5) Education and precision training
Principle: Bring live physiological data into teaching and simulation. Students might watch respiration and circulation visualized in real time during procedures, linking anatomy and physiology directly through light and motion.
“Veterinary professionals must lead the standards conversation now—before the technology defines itself without us.” — Mark F. Magazu, DVM, Principal, Leadership & Governance
Challenges and guardrails
Adapting these technologies for animals presents unique challenges. Species differences affect how signals behave—fur density, size, and movement can distort readings. Multi-animal environments complicate identification and data separation. Integrating these systems into practice software requires new interoperability standards, and privacy rules will need to evolve to govern shared human-animal spaces.
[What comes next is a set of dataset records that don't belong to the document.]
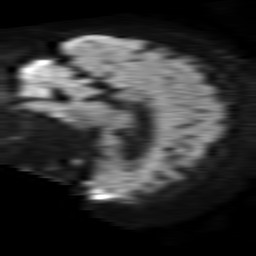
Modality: TRACE
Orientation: sagittal
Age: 82
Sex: female
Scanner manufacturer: philips
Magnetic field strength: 1.5 T
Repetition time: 4.6 s
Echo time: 0.08631 s
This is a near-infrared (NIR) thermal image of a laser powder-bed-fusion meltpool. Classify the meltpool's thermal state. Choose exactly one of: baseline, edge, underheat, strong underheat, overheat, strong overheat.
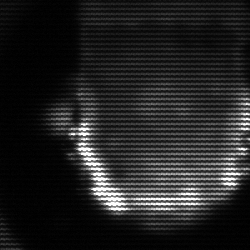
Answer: baseline
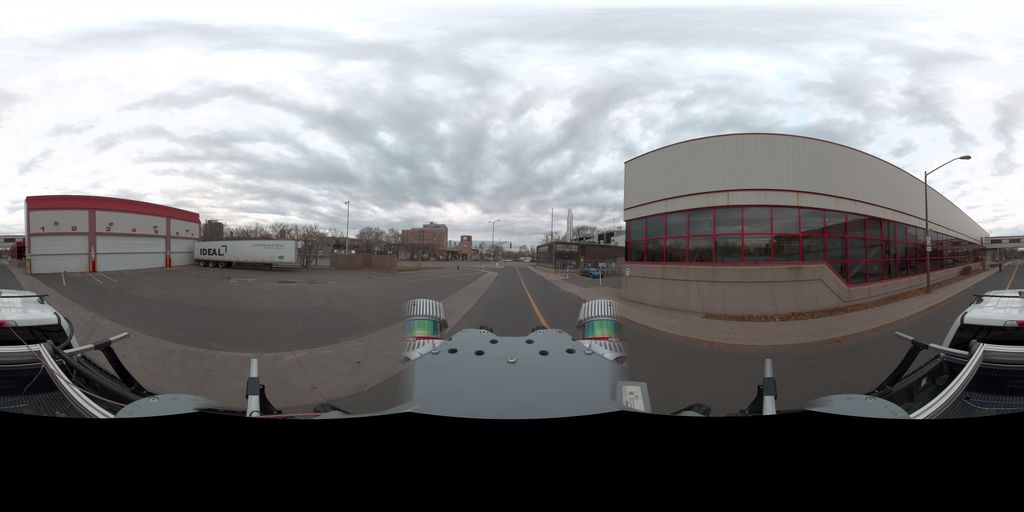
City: quebec_city
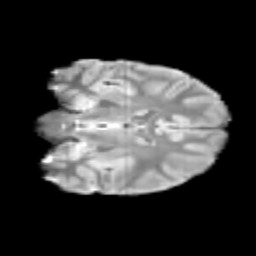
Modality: T2w
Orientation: coronal
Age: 9
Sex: male
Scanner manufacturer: siemens
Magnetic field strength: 3 T
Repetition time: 3.8 s
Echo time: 0.07 s
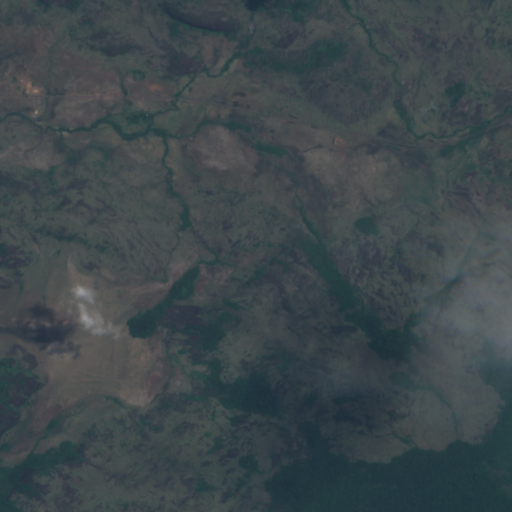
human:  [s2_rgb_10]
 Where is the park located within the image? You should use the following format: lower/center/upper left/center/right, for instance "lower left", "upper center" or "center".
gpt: The park is located in the upper left of the image.
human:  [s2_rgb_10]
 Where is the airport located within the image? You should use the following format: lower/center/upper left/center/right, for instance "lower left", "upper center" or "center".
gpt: There is no airport in the image.
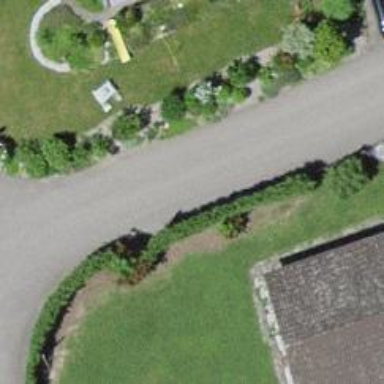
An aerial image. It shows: Smooth asphalt road in residential area.
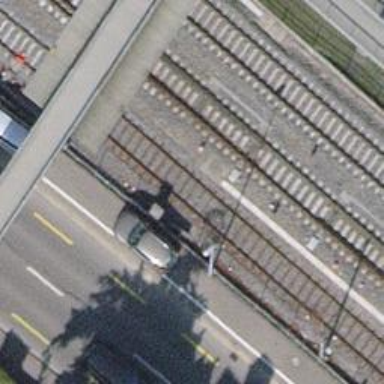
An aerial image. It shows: Railway switch.

IEEE and ISO are developing human-centric sensing standards, but veterinary frameworks do not yet exist. Leadership from within the profession will be essential to ensure accuracy, ethics, and equity as these tools become mainstream.
The road ahead
The next generation of clinics, farms, and homes will hum quietly with invisible perception. Wi-Fi routers, LiDAR units, and radar modules will not replace the veterinarian—they will amplify their reach. Each pulse of radio or light will carry insight: a heartbeat, a breath, a motion that means something. The goal is not surveillance but empathy—technology that listens so clinicians can understand sooner, act faster, and touch less. When the air itself becomes the monitor, care becomes continuous, everywhere, and deeply humane.